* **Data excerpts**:
+---+
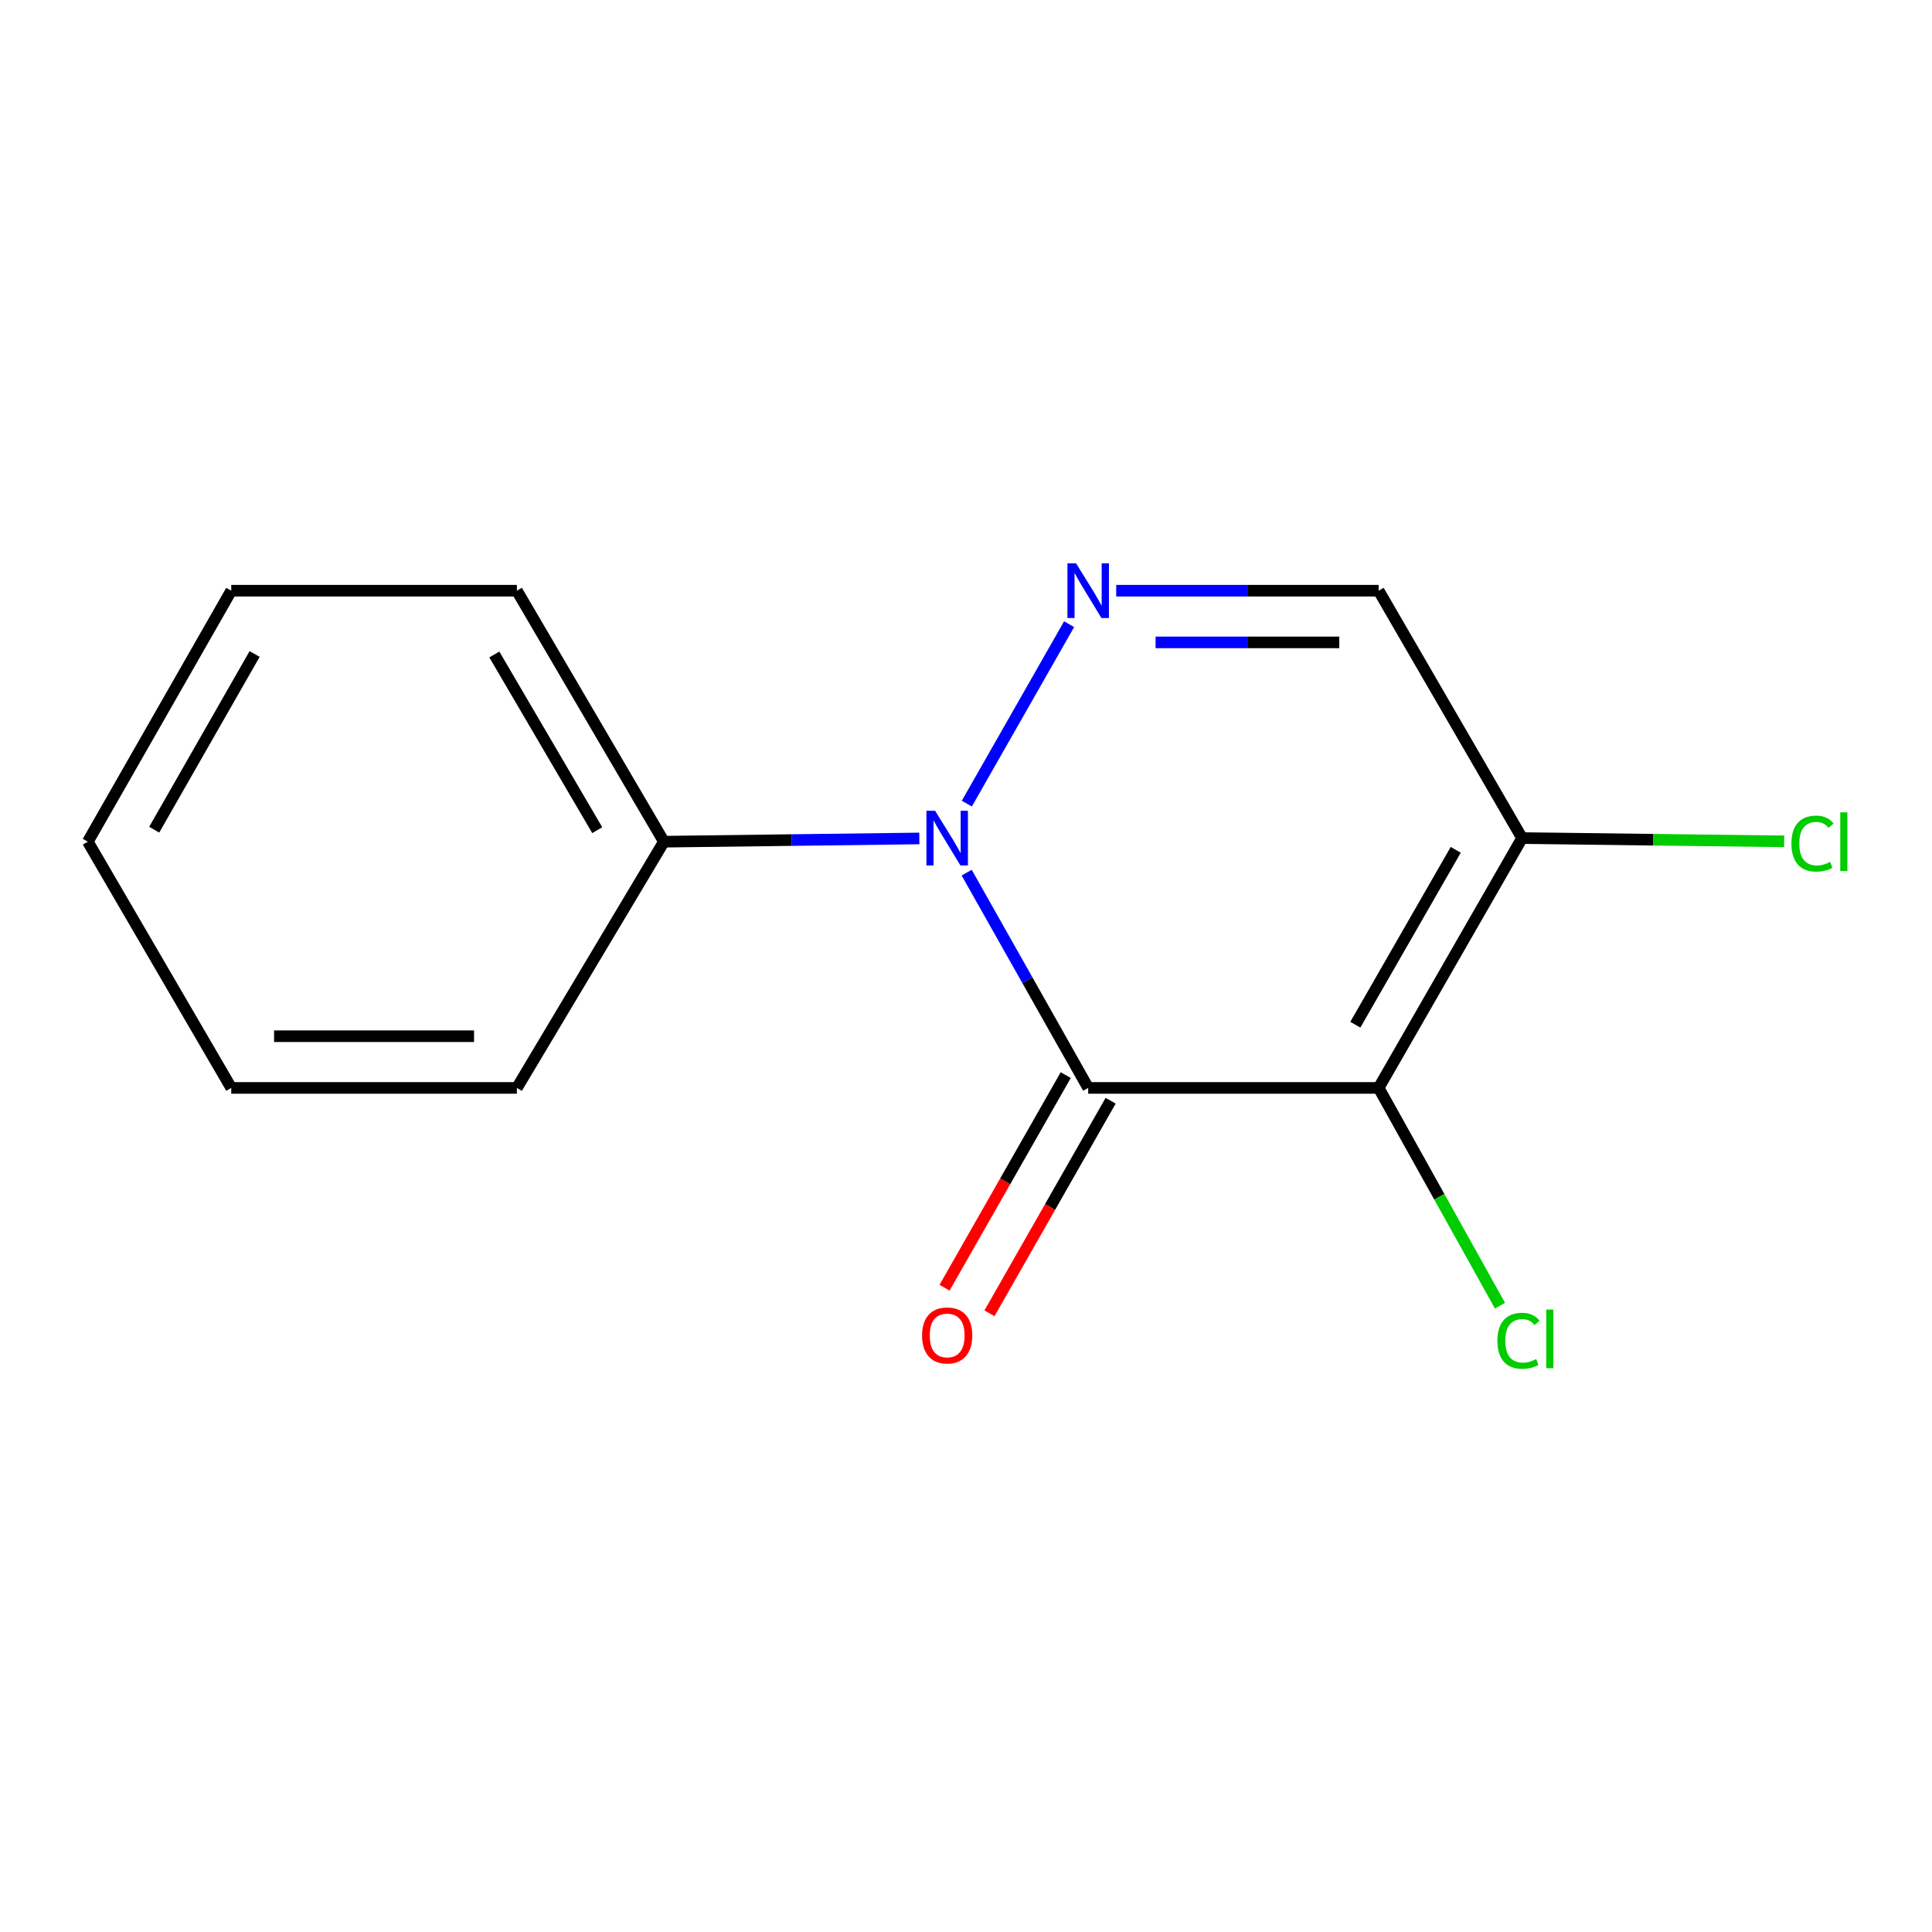 <?xml version='1.0' encoding='iso-8859-1'?>
<svg version='1.1' baseProfile='full'
              xmlns='http://www.w3.org/2000/svg'
                      xmlns:rdkit='http://www.rdkit.org/xml'
                      xmlns:xlink='http://www.w3.org/1999/xlink'
                  xml:space='preserve'
width='1000px' height='1000px' viewBox='0 0 1000 1000'>
<!-- END OF HEADER -->
<rect style='opacity:1.0;fill:#FFFFFF;stroke:none' width='1000' height='1000' x='0' y='0'> </rect>
<path class='bond-0' d='M 563.248,563.103 L 713.587,563.103' style='fill:none;fill-rule:evenodd;stroke:#000000;stroke-width:6px;stroke-linecap:butt;stroke-linejoin:miter;stroke-opacity:1' />
<path class='bond-1' d='M 563.248,563.103 L 531.797,507.387' style='fill:none;fill-rule:evenodd;stroke:#000000;stroke-width:6px;stroke-linecap:butt;stroke-linejoin:miter;stroke-opacity:1' />
<path class='bond-1' d='M 531.797,507.387 L 500.345,451.672' style='fill:none;fill-rule:evenodd;stroke:#0000FF;stroke-width:6px;stroke-linecap:butt;stroke-linejoin:miter;stroke-opacity:1' />
<path class='bond-5' d='M 551.625,556.477 L 520.261,611.495' style='fill:none;fill-rule:evenodd;stroke:#000000;stroke-width:6px;stroke-linecap:butt;stroke-linejoin:miter;stroke-opacity:1' />
<path class='bond-5' d='M 520.261,611.495 L 488.897,666.512' style='fill:none;fill-rule:evenodd;stroke:#FF0000;stroke-width:6px;stroke-linecap:butt;stroke-linejoin:miter;stroke-opacity:1' />
<path class='bond-5' d='M 574.871,569.729 L 543.508,624.747' style='fill:none;fill-rule:evenodd;stroke:#000000;stroke-width:6px;stroke-linecap:butt;stroke-linejoin:miter;stroke-opacity:1' />
<path class='bond-5' d='M 543.508,624.747 L 512.144,679.764' style='fill:none;fill-rule:evenodd;stroke:#FF0000;stroke-width:6px;stroke-linecap:butt;stroke-linejoin:miter;stroke-opacity:1' />
<path class='bond-3' d='M 713.587,563.103 L 787.827,433.8' style='fill:none;fill-rule:evenodd;stroke:#000000;stroke-width:6px;stroke-linecap:butt;stroke-linejoin:miter;stroke-opacity:1' />
<path class='bond-3' d='M 701.517,530.384 L 753.485,439.871' style='fill:none;fill-rule:evenodd;stroke:#000000;stroke-width:6px;stroke-linecap:butt;stroke-linejoin:miter;stroke-opacity:1' />
<path class='bond-7' d='M 713.587,563.103 L 744.992,619.463' style='fill:none;fill-rule:evenodd;stroke:#000000;stroke-width:6px;stroke-linecap:butt;stroke-linejoin:miter;stroke-opacity:1' />
<path class='bond-7' d='M 744.992,619.463 L 776.397,675.823' style='fill:none;fill-rule:evenodd;stroke:#00CC00;stroke-width:6px;stroke-linecap:butt;stroke-linejoin:miter;stroke-opacity:1' />
<path class='bond-2' d='M 500.428,415.955 L 553.369,323.076' style='fill:none;fill-rule:evenodd;stroke:#0000FF;stroke-width:6px;stroke-linecap:butt;stroke-linejoin:miter;stroke-opacity:1' />
<path class='bond-6' d='M 475.851,433.982 L 409.743,434.82' style='fill:none;fill-rule:evenodd;stroke:#0000FF;stroke-width:6px;stroke-linecap:butt;stroke-linejoin:miter;stroke-opacity:1' />
<path class='bond-6' d='M 409.743,434.82 L 343.634,435.658' style='fill:none;fill-rule:evenodd;stroke:#000000;stroke-width:6px;stroke-linecap:butt;stroke-linejoin:miter;stroke-opacity:1' />
<path class='bond-4' d='M 577.747,305.745 L 645.667,305.745' style='fill:none;fill-rule:evenodd;stroke:#0000FF;stroke-width:6px;stroke-linecap:butt;stroke-linejoin:miter;stroke-opacity:1' />
<path class='bond-4' d='M 645.667,305.745 L 713.587,305.745' style='fill:none;fill-rule:evenodd;stroke:#000000;stroke-width:6px;stroke-linecap:butt;stroke-linejoin:miter;stroke-opacity:1' />
<path class='bond-4' d='M 598.123,332.503 L 645.667,332.503' style='fill:none;fill-rule:evenodd;stroke:#0000FF;stroke-width:6px;stroke-linecap:butt;stroke-linejoin:miter;stroke-opacity:1' />
<path class='bond-4' d='M 645.667,332.503 L 693.211,332.503' style='fill:none;fill-rule:evenodd;stroke:#000000;stroke-width:6px;stroke-linecap:butt;stroke-linejoin:miter;stroke-opacity:1' />
<path class='bond-8' d='M 787.827,433.8 L 855.65,434.638' style='fill:none;fill-rule:evenodd;stroke:#000000;stroke-width:6px;stroke-linecap:butt;stroke-linejoin:miter;stroke-opacity:1' />
<path class='bond-8' d='M 855.65,434.638 L 923.472,435.476' style='fill:none;fill-rule:evenodd;stroke:#00CC00;stroke-width:6px;stroke-linecap:butt;stroke-linejoin:miter;stroke-opacity:1' />
<path class='bond-14' d='M 787.827,433.8 L 713.587,305.745' style='fill:none;fill-rule:evenodd;stroke:#000000;stroke-width:6px;stroke-linecap:butt;stroke-linejoin:miter;stroke-opacity:1' />
<path class='bond-9' d='M 343.634,435.658 L 267.536,305.745' style='fill:none;fill-rule:evenodd;stroke:#000000;stroke-width:6px;stroke-linecap:butt;stroke-linejoin:miter;stroke-opacity:1' />
<path class='bond-9' d='M 309.131,429.696 L 255.862,338.757' style='fill:none;fill-rule:evenodd;stroke:#000000;stroke-width:6px;stroke-linecap:butt;stroke-linejoin:miter;stroke-opacity:1' />
<path class='bond-10' d='M 343.634,435.658 L 267.536,563.103' style='fill:none;fill-rule:evenodd;stroke:#000000;stroke-width:6px;stroke-linecap:butt;stroke-linejoin:miter;stroke-opacity:1' />
<path class='bond-11' d='M 267.536,305.745 L 119.695,305.745' style='fill:none;fill-rule:evenodd;stroke:#000000;stroke-width:6px;stroke-linecap:butt;stroke-linejoin:miter;stroke-opacity:1' />
<path class='bond-12' d='M 267.536,563.103 L 119.695,563.103' style='fill:none;fill-rule:evenodd;stroke:#000000;stroke-width:6px;stroke-linecap:butt;stroke-linejoin:miter;stroke-opacity:1' />
<path class='bond-12' d='M 245.36,536.344 L 141.871,536.344' style='fill:none;fill-rule:evenodd;stroke:#000000;stroke-width:6px;stroke-linecap:butt;stroke-linejoin:miter;stroke-opacity:1' />
<path class='bond-15' d='M 119.695,305.745 L 45.455,435.658' style='fill:none;fill-rule:evenodd;stroke:#000000;stroke-width:6px;stroke-linecap:butt;stroke-linejoin:miter;stroke-opacity:1' />
<path class='bond-15' d='M 131.791,338.508 L 79.823,429.447' style='fill:none;fill-rule:evenodd;stroke:#000000;stroke-width:6px;stroke-linecap:butt;stroke-linejoin:miter;stroke-opacity:1' />
<path class='bond-13' d='M 119.695,563.103 L 45.455,435.658' style='fill:none;fill-rule:evenodd;stroke:#000000;stroke-width:6px;stroke-linecap:butt;stroke-linejoin:miter;stroke-opacity:1' />
<path  class='atom-2' d='M 483.997 419.64
L 493.277 434.64
Q 494.197 436.12, 495.677 438.8
Q 497.157 441.48, 497.237 441.64
L 497.237 419.64
L 500.997 419.64
L 500.997 447.96
L 497.117 447.96
L 487.157 431.56
Q 485.997 429.64, 484.757 427.44
Q 483.557 425.24, 483.197 424.56
L 483.197 447.96
L 479.517 447.96
L 479.517 419.64
L 483.997 419.64
' fill='#0000FF'/>
<path  class='atom-3' d='M 556.988 291.585
L 566.268 306.585
Q 567.188 308.065, 568.668 310.745
Q 570.148 313.425, 570.228 313.585
L 570.228 291.585
L 573.988 291.585
L 573.988 319.905
L 570.108 319.905
L 560.148 303.505
Q 558.988 301.585, 557.748 299.385
Q 556.548 297.185, 556.188 296.505
L 556.188 319.905
L 552.508 319.905
L 552.508 291.585
L 556.988 291.585
' fill='#0000FF'/>
<path  class='atom-6' d='M 477.257 691.223
Q 477.257 684.423, 480.617 680.623
Q 483.977 676.823, 490.257 676.823
Q 496.537 676.823, 499.897 680.623
Q 503.257 684.423, 503.257 691.223
Q 503.257 698.103, 499.857 702.023
Q 496.457 705.903, 490.257 705.903
Q 484.017 705.903, 480.617 702.023
Q 477.257 698.143, 477.257 691.223
M 490.257 702.703
Q 494.577 702.703, 496.897 699.823
Q 499.257 696.903, 499.257 691.223
Q 499.257 685.663, 496.897 682.863
Q 494.577 680.023, 490.257 680.023
Q 485.937 680.023, 483.577 682.823
Q 481.257 685.623, 481.257 691.223
Q 481.257 696.943, 483.577 699.823
Q 485.937 702.703, 490.257 702.703
' fill='#FF0000'/>
<path  class='atom-8' d='M 775.049 693.981
Q 775.049 686.941, 778.329 683.261
Q 781.649 679.541, 787.929 679.541
Q 793.769 679.541, 796.889 683.661
L 794.249 685.821
Q 791.969 682.821, 787.929 682.821
Q 783.649 682.821, 781.369 685.701
Q 779.129 688.541, 779.129 693.981
Q 779.129 699.581, 781.449 702.461
Q 783.809 705.341, 788.369 705.341
Q 791.489 705.341, 795.129 703.461
L 796.249 706.461
Q 794.769 707.421, 792.529 707.981
Q 790.289 708.541, 787.809 708.541
Q 781.649 708.541, 778.329 704.781
Q 775.049 701.021, 775.049 693.981
' fill='#00CC00'/>
<path  class='atom-8' d='M 800.329 677.821
L 804.009 677.821
L 804.009 708.181
L 800.329 708.181
L 800.329 677.821
' fill='#00CC00'/>
<path  class='atom-9' d='M 927.231 436.638
Q 927.231 429.598, 930.511 425.918
Q 933.831 422.198, 940.111 422.198
Q 945.951 422.198, 949.071 426.318
L 946.431 428.478
Q 944.151 425.478, 940.111 425.478
Q 935.831 425.478, 933.551 428.358
Q 931.311 431.198, 931.311 436.638
Q 931.311 442.238, 933.631 445.118
Q 935.991 447.998, 940.551 447.998
Q 943.671 447.998, 947.311 446.118
L 948.431 449.118
Q 946.951 450.078, 944.711 450.638
Q 942.471 451.198, 939.991 451.198
Q 933.831 451.198, 930.511 447.438
Q 927.231 443.678, 927.231 436.638
' fill='#00CC00'/>
<path  class='atom-9' d='M 952.511 420.478
L 956.191 420.478
L 956.191 450.838
L 952.511 450.838
L 952.511 420.478
' fill='#00CC00'/>
</svg>
+---+
* **Work instructions**:
Only the lines from the top of the data through the line with "<rect style='opacity:1.0;fill:#FFFFFF;stroke:none' width='1000'" should be quoted, exactly and with both ends kept; skip the pictures.

* **Solution**:
 <?xml version='1.0' encoding='iso-8859-1'?>
<svg version='1.1' baseProfile='full'
              xmlns='http://www.w3.org/2000/svg'
                      xmlns:rdkit='http://www.rdkit.org/xml'
                      xmlns:xlink='http://www.w3.org/1999/xlink'
                  xml:space='preserve'
width='1000px' height='1000px' viewBox='0 0 1000 1000'>
<!-- END OF HEADER -->
<rect style='opacity:1.0;fill:#FFFFFF;stroke:none' width='1000' height='1000' x='0' y='0'> </rect>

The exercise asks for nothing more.